Well, that was until the war in Ukraine broke out. Now that the collaborative part with Russia has come to an end, the Biokarelia project was forced to shift its focus towards the Finnish territory only, which slightly modified my original tasks. Although still concentrating on similar issues as before, I have been interested in the writing and planning of a short movie project on the modern and future challenges of fire management in Finnish forests. Although forest fires have always been a part of the natural cycle of the boreal forest allowing a rich and specialised biodiversity to develop, predicted changes in their occurrences, severity and extent, as the climate is warming up, will likely have consequences on the way their ecological benefits will be perceived and accepted by the society and how new tools and techniques will play a role in mitigating those risks. Still in the making, this movie project has benefited from many inspiring and expert North Karelian collaborations for the recording and editing (Korpipaja, Marko Haapalehto/Metsähallitus), interviewing (Kaisa Junninen/Metsähallitus, Evgeny Lopatin/Luke, Tuomo Puumalainen/Arbonaut, Mika Viertola/ Pohjois-Karjalan Pelastuslaitos) and voice-over (Adam Lerch). When (soon) ready, it will offer a good visibility to the Biokarelia project and its practical implications.

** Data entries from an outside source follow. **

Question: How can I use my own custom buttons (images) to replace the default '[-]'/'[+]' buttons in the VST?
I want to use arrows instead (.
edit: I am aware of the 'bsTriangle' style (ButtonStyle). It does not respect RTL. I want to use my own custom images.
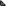
Answer: Aren't those images usually in Windows Vista and Windows 7? The tree control should get them automatically on those systems when you have themes enabled.
The easy way to get something close to that is to just set the 'ButtonStyle' property to 'bsTriangle'. It won't be exactly the images shown in the question, though. The "minus" arrow will point straight down instead of diagonally, and the "plus" arrow will be solid instead of an outline.
You can provide your own bitmap. Change the VT_XPBUTTONMINUS and VT_XPBUTTONPLUS resources to whatever images you want, and set the 'ButtonFillMode' property to 'fmShaded'.
I see no facility for changing the image based on the bi-di mode, though. You can create a descendant class that overrides 'PaintNodeButton', and then paint whatever you want. Copy the placement code from the parent class.

Another task that has taken much of my time over the recent months has been (and still is) the planning and building up of an internet platform that will help researchers and students working on biodiversity in Finland to better know each other and boost their own collaboration research network. It will also help them to find study and funding opportunities specifically dealing with biodiversity more easily, get acquainted with upcoming events on the topic, and become inspired by successful conservation and restoration stories. Depending on how successful the new platform will eventually turn out to be (let us see what the future will bring), the network could then be potentially expanded towards the other Nordic countries, if the funding allows it. Nature knows no border and its conservation, as well as its overall understanding can only benefit from international cooperation.


Finally, and as a nature photographer in my free time, I would like to conclude by sharing with you my own thoughts, regarding wild natural places such as found within the North Karelian Biosphere Reserve. Based on my own experience, heading to remote and pristine places, genuine biodiversity hotspots in modern forest landscapes, is certainly a rare and privileged moment in life but I would like to add that it also demands from potential visitors a special personal attitude and a certain level of ecological awareness. For example, curiosity (to be able to perceive and be astonished by the natural wonders around you), humility (to accept that nature is self-sustaining and can also function very well by itself), quietness (to reflect on and fully immerse yourself in your surroundings), patience (if you are after observing interesting wildlife) and responsibility (to understand that outdoor activities can also have negative consequences for sensitive species such as the large predators or the forest reindeer, especially here in eastern Finland). With those words in mind, I wish you all unforgettable memories and enjoyable moments in the North Karelian Biosphere Reserve, regardless of whether you like it by walking, cycling or paddling!